These Shortbread Cookie Bars skew a little more tender and melt-in-your-mouth thanks to one key swap: using confectioners’ sugar instead of granulated sugar. Because it dissolves instantly into the softened butter, confectioners’ sugar creates a super smooth dough and a finer, more delicate crumb. Like most shortbread, the dough comes together with almost no effort—no chill time, no rolling. You’re just pressing it into the pan, which minimizes gluten development and gives you that characteristic sandy texture. Docking the dough with a fork isn’t just decorative; it lets steam escape so the slab bakes evenly rather than puffing up in spots.
Shortbread Cookie Bars
Ingredients
Shortbread:
- 1½ cups (340 grams) salted butter, softened
- 1 cup (120 grams) confectioners’ sugar
- 1 tablespoon (13 grams) vanilla extract
- 3 cups (375 grams) all-purpose flour
- 1 teaspoon kosher salt
Buttercream:
- 1 cup (227 grams) salted butter, softened
- 4 cups (480 grams) confectioners’ sugar
- ½ teaspoon kosher salt
- 2 tablespoons (30 grams) whole milk
- 2 teaspoons (8 grams) vanilla extract
- Garnish: assorted sprinkles
Instructions
- Preheat oven to 325°F (170°C).

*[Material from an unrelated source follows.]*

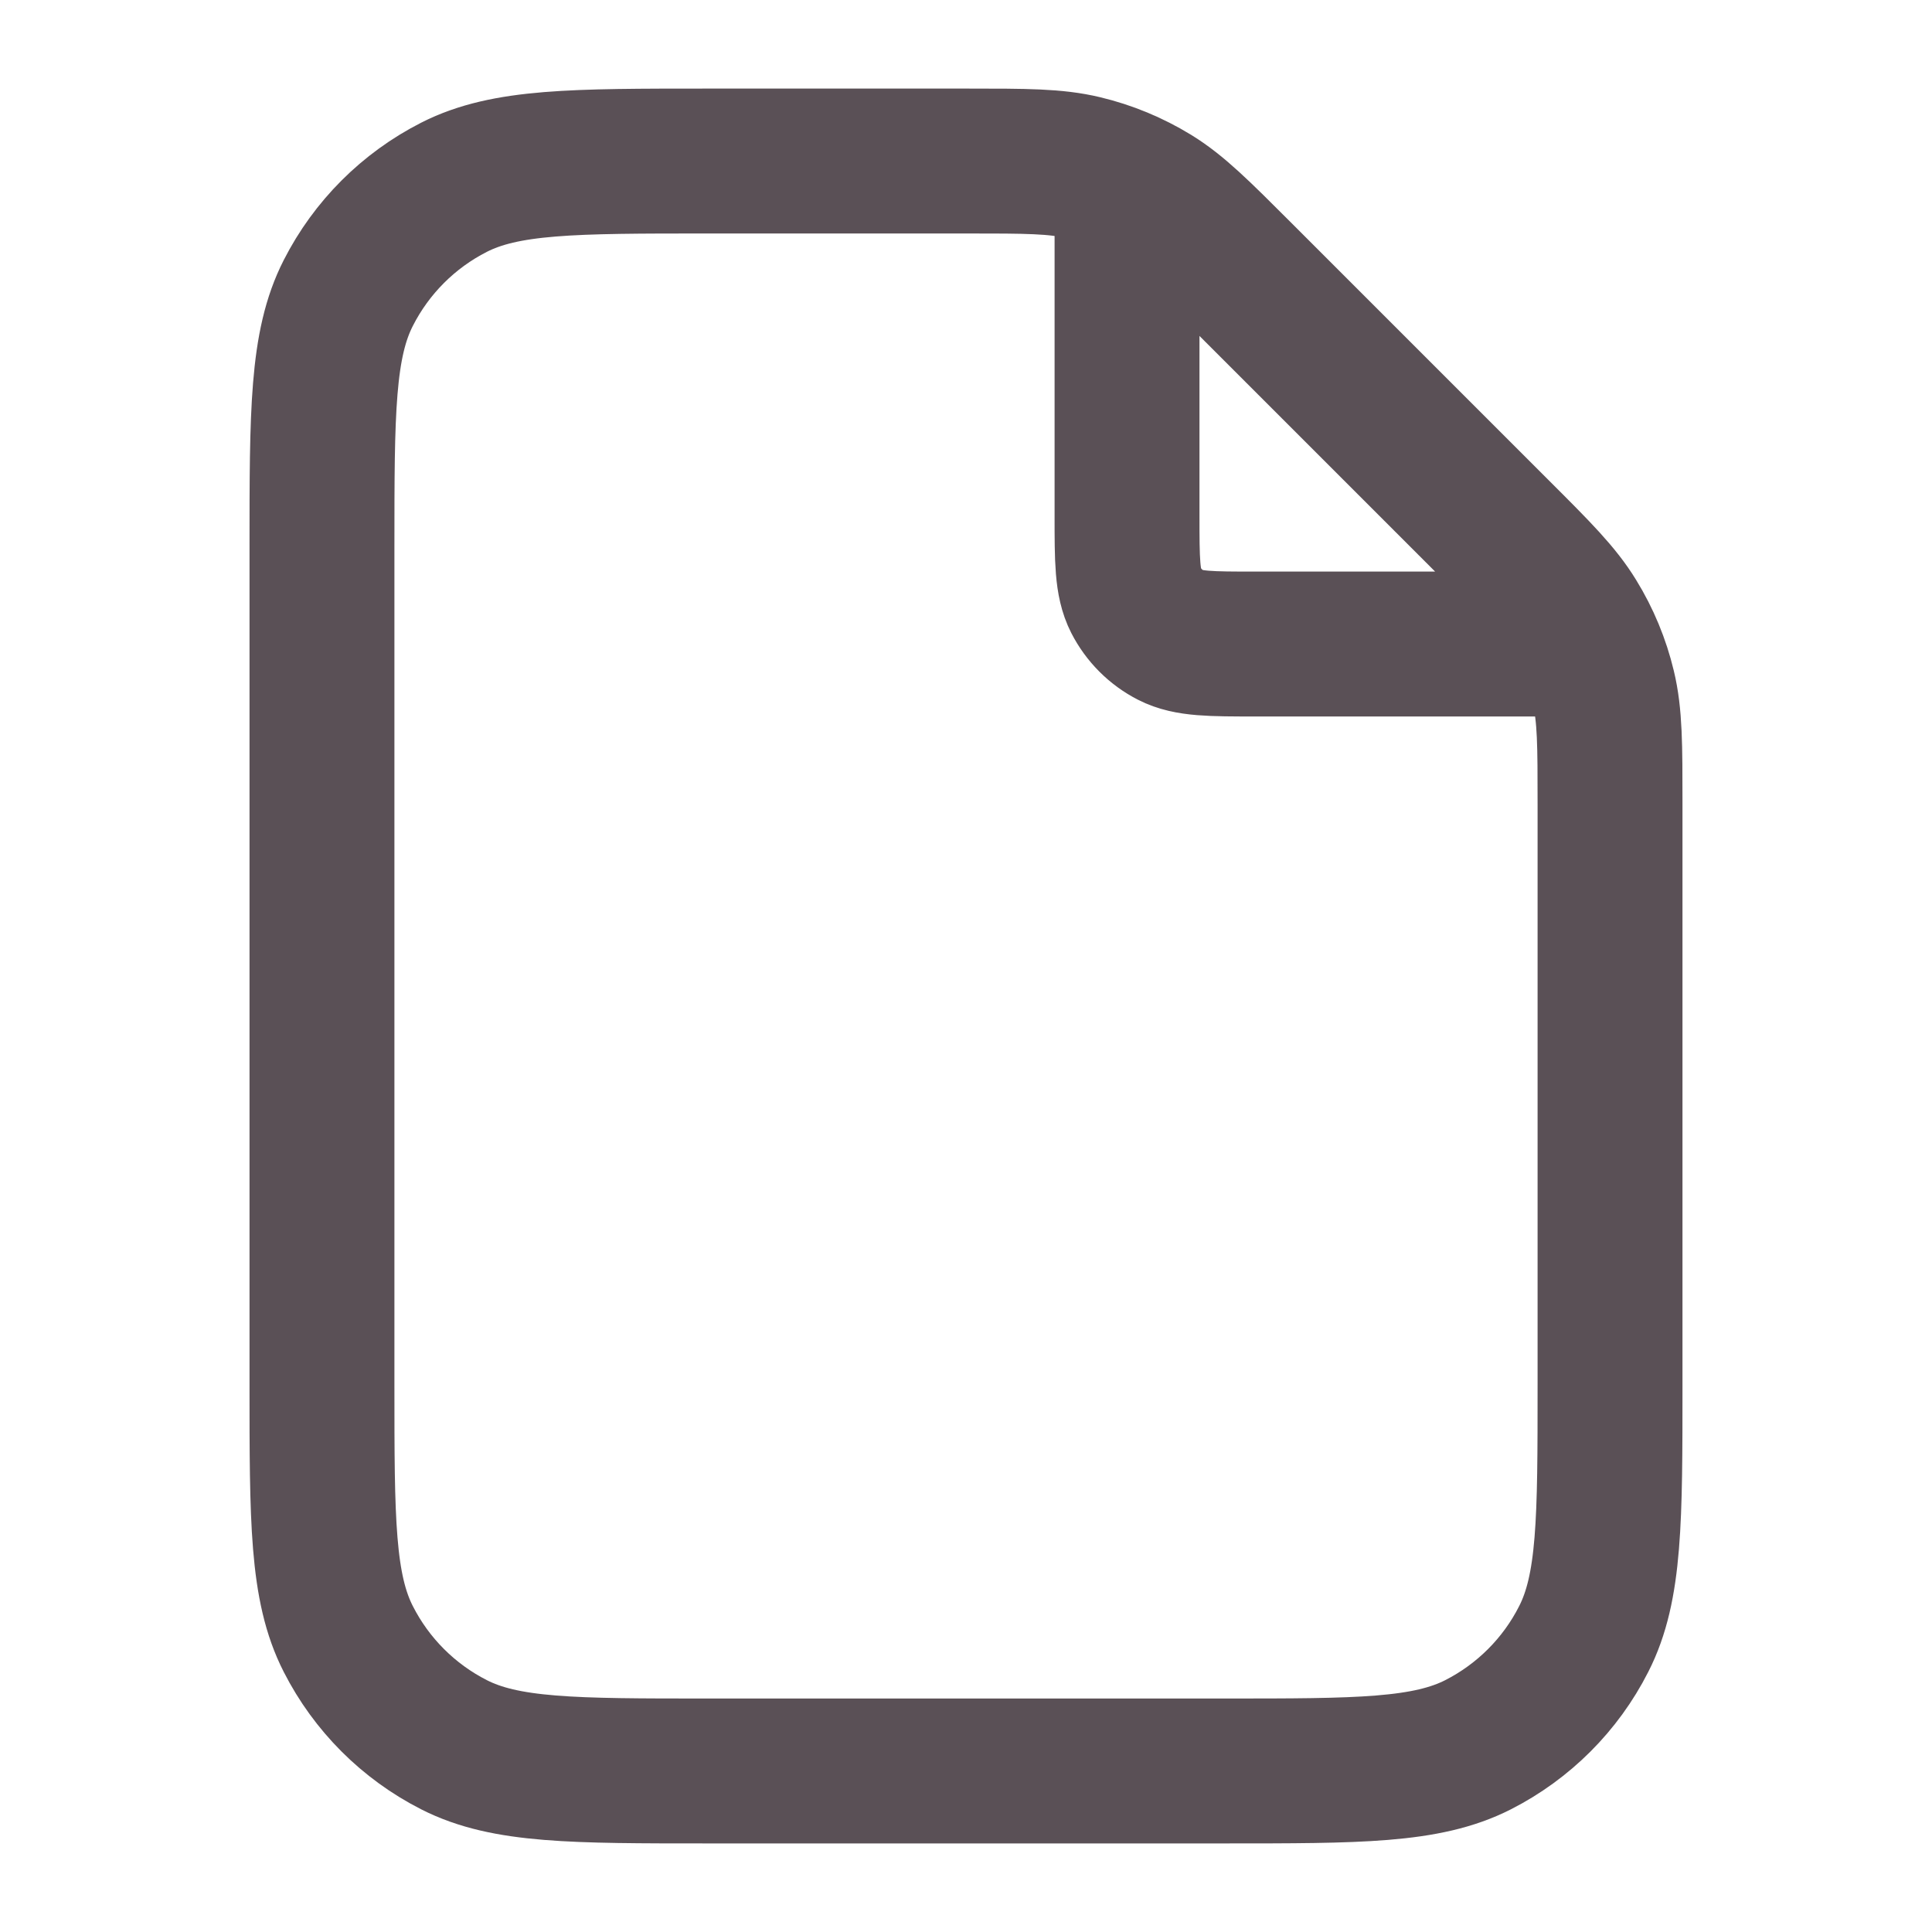 <svg width="20" height="20" viewBox="0 0 20 20" fill="none" xmlns="http://www.w3.org/2000/svg">
<path d="M11.667 1.891V5.333C11.667 5.8 11.667 6.033 11.758 6.212C11.838 6.368 11.965 6.496 12.122 6.576C12.3 6.667 12.534 6.667 13 6.667H16.442M16.667 8.324V14.333C16.667 15.733 16.667 16.434 16.394 16.968C16.155 17.439 15.772 17.821 15.302 18.061C14.767 18.333 14.067 18.333 12.667 18.333H7.333C5.933 18.333 5.233 18.333 4.699 18.061C4.228 17.821 3.846 17.439 3.606 16.968C3.333 16.434 3.333 15.733 3.333 14.333V5.667C3.333 4.267 3.333 3.566 3.606 3.032C3.846 2.561 4.228 2.179 4.699 1.939C5.233 1.667 5.933 1.667 7.333 1.667H10.01C10.621 1.667 10.927 1.667 11.215 1.736C11.47 1.797 11.714 1.898 11.938 2.035C12.19 2.19 12.406 2.406 12.838 2.838L15.495 5.495C15.928 5.927 16.144 6.144 16.298 6.396C16.436 6.62 16.537 6.864 16.598 7.119C16.667 7.406 16.667 7.712 16.667 8.324Z" stroke="#14070F" stroke-opacity="0.7" stroke-width="1.5" stroke-linecap="round" stroke-linejoin="round"/>
</svg>

Line an 8-inch square baking pan with parchment paper, letting excess extend over all sides of pan.
- For shortbread: In the bowl of a stand mixer fitted with the paddle attachment, beat butter and confectioners’ sugar at medium speed until creamy, 3 to 4 minutes, stopping to scrape sides of bowl. Beat in vanilla.
- In a medium bowl, whisk together flour and salt. With mixer on low speed, gradually add flour mixture to butter mixture, beating until dough comes together and stopping to scrape bottom and sides of bowl. Press dough into prepared pan. Prick dough all over with a fork.
- Bake until lightly browned and an instant-read thermometer inserted in center registers 200°F (93°C) to 205°F (96°C), 30 to 35 minutes. Let cool completely in pan on a wire rack.
- For buttercream: In the bowl of a stand mixer fitted with the paddle attachment, beat butter at medium speed until creamy, 1 to 2 minutes. With mixer on low speed, gradually add confectioners’ sugar and salt, beating until smooth and stopping to scrape bottom and sides of bowl. Add milk and vanilla, beating until smooth and stopping to scrape sides of bowl. Increase mixer speed to high, and beat until light and fl u  y, about 2 minutes.
- Spread buttercream onto cooled shortbread. Garnish with sprinkles, if desired. Using excess parchment as handles, remove from pan, and cut into bars. Store in an airtight container for up to 3 days.